To illustrate, suppose we observe data points $x_1, ..., x_n$ and we fit a two component Gaussian mixture model. Then the log likelihood can be written as

$ \displaystyle \sum_{i = 1}^n \log\left( p_1 \times f(x_i | \mu_1, \sigma_1) + p_2 \times f(x_i|\mu_2, \sigma_2)\right)$

where $f(x|\mu, \sigma)$ is the pdf of the normal distribution with mean = $\mu$ and standard deviation = $\sigma$. Consider now the case if we set $\mu_1 = \bar x$ (mean of observed data) and $\sigma_1 = \hat \sigma$ (standard deviation of observed data), with $p_1 = p_2 = 0.5$ (side note: these values are somewhat arbitrary, used only getting a lower bound). Then the contribution to the likelihood function for each point will be at least

$\log(0.5 \times f(x_i|\bar x, \hat \sigma) )$

i.e. the contribution for each observation can be bounded from below for all values of $\mu_2$ and $\sigma_2$. Then consider if we set $\mu_2 = x_1$. As $\sigma_2 \rightarrow 0$, $f(x_1 | x_1, \sigma_2) \rightarrow \infty$. Of course, this implies

$\log(0.5 \times f(x_1| x_1, \sigma_2) + 0.5 \times f(x_1 | \bar x, \hat \sigma)) \rightarrow \infty$

as well. Since the contributions of all the other observations are bounded from below by $\log(0.5 \times f(x_i|\bar x, \hat \sigma) )$, this implies that the likelihood function is unbounded.

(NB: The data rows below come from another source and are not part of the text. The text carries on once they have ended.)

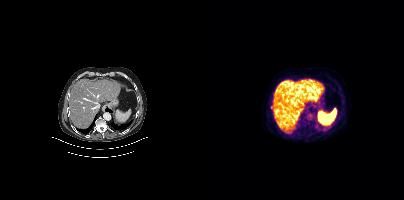
{"pet_grid":[200,200],"coord_frame":"pet_panel","coord_format":"x0,y0,x1,y1","lesion_bboxes":[],"small_foci_centers":[[67,107]],"modality":"PSMA PET/CT","view":"axial","tracer":"18F-PSMA"}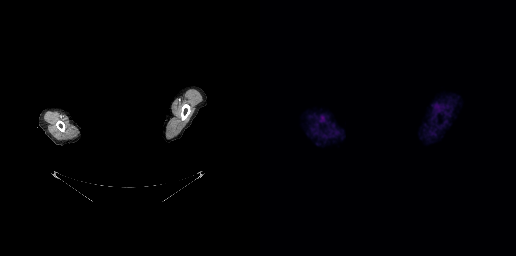
{"modality":"PSMA PET/CT","view":"axial","tracer":"[18F]PSMA-1007","pet_grid":[256,256],"coord_frame":"pet_panel","coord_format":"x0,y0,x1,y1","psma_avid_lesions":false,"de-identification":"privacy mask over head"}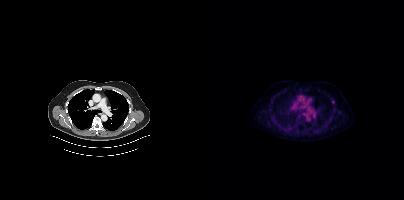
{"modality":"PSMA PET/CT","view":"axial","tracer":"18F","pet_grid":[200,200],"coord_frame":"pet_panel","coord_format":"x0,y0,x1,y1","lesion_bboxes":[],"small_foci_centers":[[129,101]]}
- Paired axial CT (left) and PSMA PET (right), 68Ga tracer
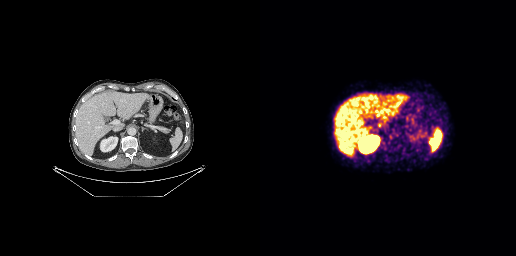
Findings: This slice has no annotated PSMA-avid lesion.
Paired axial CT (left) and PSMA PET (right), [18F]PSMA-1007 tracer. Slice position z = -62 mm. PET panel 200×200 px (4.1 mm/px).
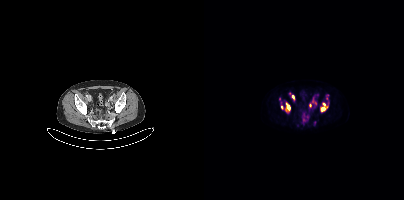
Coordinates are on the 200×200 PET (right) panel. PSMA-avid tumor lesion bounding boxes (partial; 3 more foci not listed):
| # | x0 | y0 | x1 | y1 |
|---|---|---|---|---|
| 1 | 81 | 102 | 86 | 112 |
| 2 | 117 | 103 | 121 | 110 |
| 3 | 87 | 95 | 91 | 100 |
| 4 | 108 | 100 | 112 | 105 |
| 5 | 77 | 102 | 78 | 108 |
Small PSMA-avid foci (2 to 4 px across) near (center x, center y): (106, 105); (122, 98); (99, 119).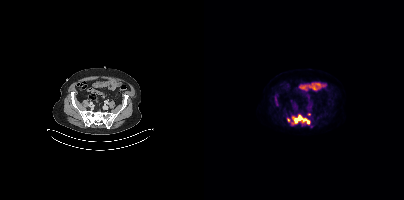
Coordinates are on the 200×200 PET (right) panel. PSMA-avid tumor lesion bounding box (x0,y0,x1,y1): [87,114,106,124]. Small PSMA-avid foci (2 to 4 px across) near (center x, center y): (84, 119); (105, 114).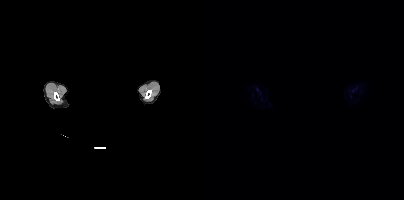
Findings: This slice has no annotated PSMA-avid lesion.
Technique: Left: CT. Right: PSMA PET, same axial level, [18F]PSMA-1007 tracer. slice position z = -232 mm.
Note: Any black rectangle over the head is a privacy mask, not anatomy.
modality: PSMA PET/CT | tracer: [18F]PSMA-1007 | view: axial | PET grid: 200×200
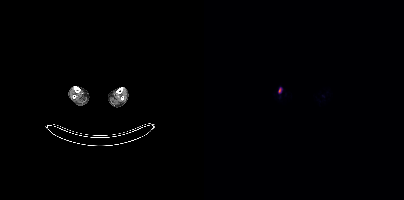
Coordinates are on the 200×200 PET (right) panel. PSMA-avid tumor lesion bounding box (x0,y0,x1,y1): [74,88,77,92].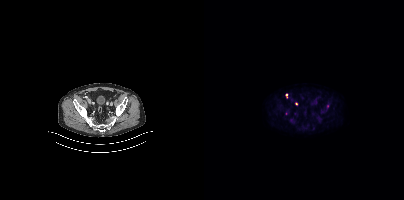
{"pet_grid":[200,200],"coord_frame":"pet_panel","coord_format":"x0,y0,x1,y1","partial":true,"lesion_bboxes":[],"small_foci_centers":[[123,106]],"modality":"PSMA PET/CT","view":"axial","tracer":"18F"}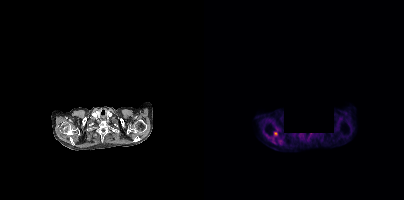
A rectangular region was set to black for de-identification. Paired axial CT (left) and PSMA PET (right), 18F-PSMA tracer. Slice 326 of 389. PET panel 200×200 px (4.1 mm/px). Coordinates are on the 200×200 PET (right) panel. Small PSMA-avid focus (2 to 4 px across) near (center x, center y): (71, 133).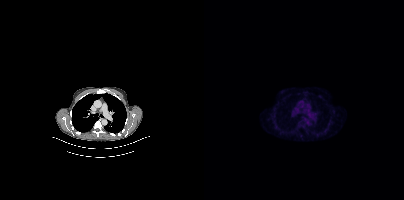
Findings: No PSMA-avid tumor lesions on this slice.
Technique: Two-panel axial: CT | PSMA PET, [18F]PSMA-1007 tracer. PET panel 200×200 px (4.1 mm/px).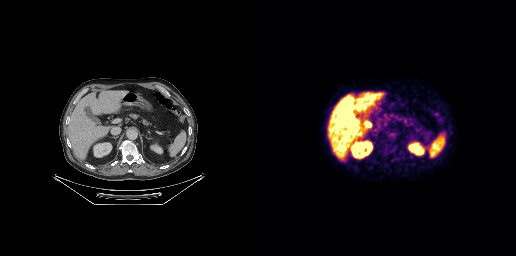
{"pet_grid":[256,256],"coord_frame":"pet_panel","coord_format":"x0,y0,x1,y1","psma_avid_lesions":false,"modality":"PSMA PET/CT","view":"axial","tracer":"[18F]PSMA-1007"}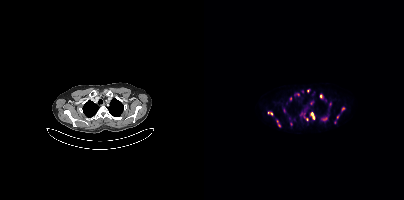
Technique: Two-panel axial: CT | PSMA PET, 18F tracer. acquired on Siemens Biograph mCT Flow 20. PET panel 200×200 px (4.1 mm/px).
Findings: Coordinates are on the 200×200 PET (right) panel. (showing 15 of 17 foci) PSMA-avid tumor lesion bounding boxes (x0,y0,x1,y1): [117,114,124,120]; [106,113,111,119]; [137,107,141,111]; [116,94,118,98]. Small PSMA-avid foci (2 to 4 px across) near (center x, center y): (107, 102); (126, 103); (93, 94); (87, 123); (102, 118); (75, 125); (67, 114); (73, 121); (103, 90); (86, 98); (80, 110).
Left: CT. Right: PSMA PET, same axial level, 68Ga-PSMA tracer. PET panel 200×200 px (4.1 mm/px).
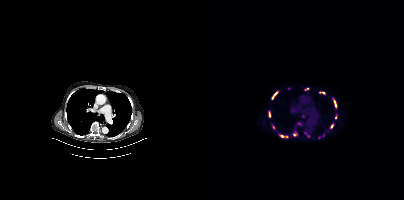
Coordinates are on the 200×200 PET (right) panel. PSMA-avid tumor lesion bounding boxes (partial; 3 more foci not listed):
| # | x0 | y0 | x1 | y1 |
|---|---|---|---|---|
| 1 | 68 | 92 | 73 | 99 |
| 2 | 64 | 111 | 66 | 117 |
| 3 | 130 | 100 | 132 | 106 |
| 4 | 127 | 124 | 129 | 128 |
Small PSMA-avid foci (2 to 4 px across) near (center x, center y): (99, 115); (95, 124); (102, 89); (78, 136); (119, 92); (131, 117); (69, 127); (90, 134); (82, 136).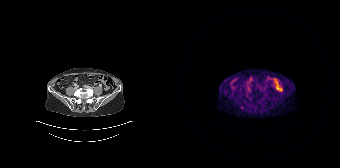
Technique: Left: CT. Right: PSMA PET, same axial level, [68Ga]Ga-PSMA-11 tracer. acquired on Siemens Biograph 64-4R TruePoint. PET panel 168×168 px (4.1 mm/px).
Findings: This slice has no annotated PSMA-avid lesion.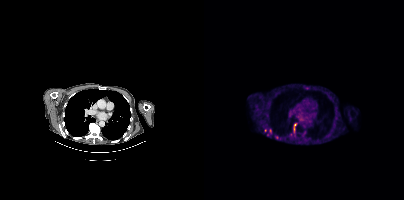
modality: PSMA PET/CT | tracer: 18F-PSMA | view: axial | PET grid: 200×200
Coordinates are on the 200×200 PET (right) panel. (showing 5 of 7 foci) PSMA-avid tumor lesion bounding box (x0,y0,x1,y1): [89,123,92,132]. Small PSMA-avid foci (2 to 4 px across) near (center x, center y): (64, 135) (63, 115) (66, 130) (61, 130).
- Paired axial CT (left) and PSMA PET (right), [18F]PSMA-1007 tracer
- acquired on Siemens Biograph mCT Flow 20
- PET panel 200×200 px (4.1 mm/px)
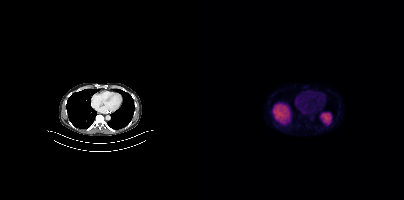
Findings: This slice has no annotated PSMA-avid lesion.
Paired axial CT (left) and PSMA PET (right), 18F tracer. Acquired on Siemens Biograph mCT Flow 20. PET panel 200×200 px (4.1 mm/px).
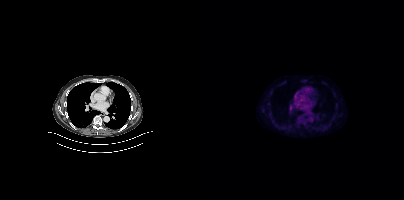
No PSMA-avid tumor lesions on this slice.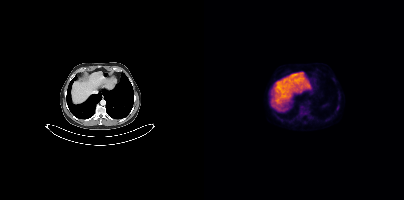
modality: PSMA PET/CT | tracer: 18F-PSMA | view: axial
No tumor lesions annotated on this slice.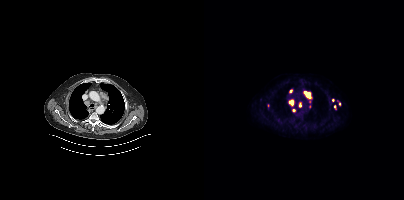
Two-panel axial: CT | PSMA PET, [18F]PSMA-1007 tracer. Acquired on Siemens Biograph mCT Flow 20. Slice 307 of 413. PET panel 200×200 px (4.1 mm/px).
Coordinates are on the 200×200 PET (right) panel. PSMA-avid tumor lesion bounding boxes (partial; 2 more foci not listed):
| # | x0 | y0 | x1 | y1 |
|---|---|---|---|---|
| 1 | 99 | 91 | 107 | 98 |
| 2 | 84 | 99 | 90 | 106 |
| 3 | 95 | 102 | 97 | 107 |
Small PSMA-avid foci (2 to 4 px across) near (center x, center y): (86, 90); (89, 110); (130, 106); (128, 100); (135, 103); (63, 105).
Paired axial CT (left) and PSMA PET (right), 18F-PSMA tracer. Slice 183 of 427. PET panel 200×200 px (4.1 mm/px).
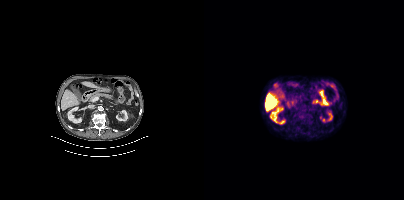
Negative for PSMA-avid disease on this slice.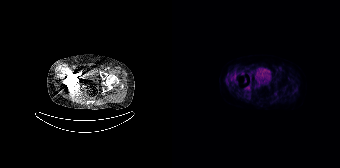
Two-panel axial: CT | PSMA PET, [18F]PSMA-1007 tracer. Acquired on Siemens Biograph 64-4R TruePoint. Slice position z = -1586 mm. PET panel 168×168 px (4.1 mm/px). Negative for PSMA-avid disease on this slice.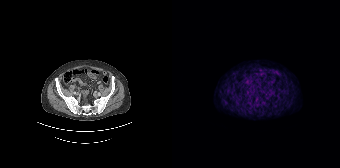
No tumor lesions annotated on this slice. Paired axial CT (left) and PSMA PET (right), 68Ga tracer. PET panel 168×168 px (4.1 mm/px).

Since the likelihood function is unbounded, if the EM algorithm approaches this infinite "peak", it will not converge. However, this likelihood typically does have non-degenerate local maximum, assuming $n$ is sufficiently large relative to $k$ (number of components). So the EM algorithm may find these non-degenerate local maximum, which are undoubtably better estimators than the degenerate solution. In fact, if $n$ is large relative to $k$, it is very likely to find a non-degenerate local max rather than to approach the degenerate solution.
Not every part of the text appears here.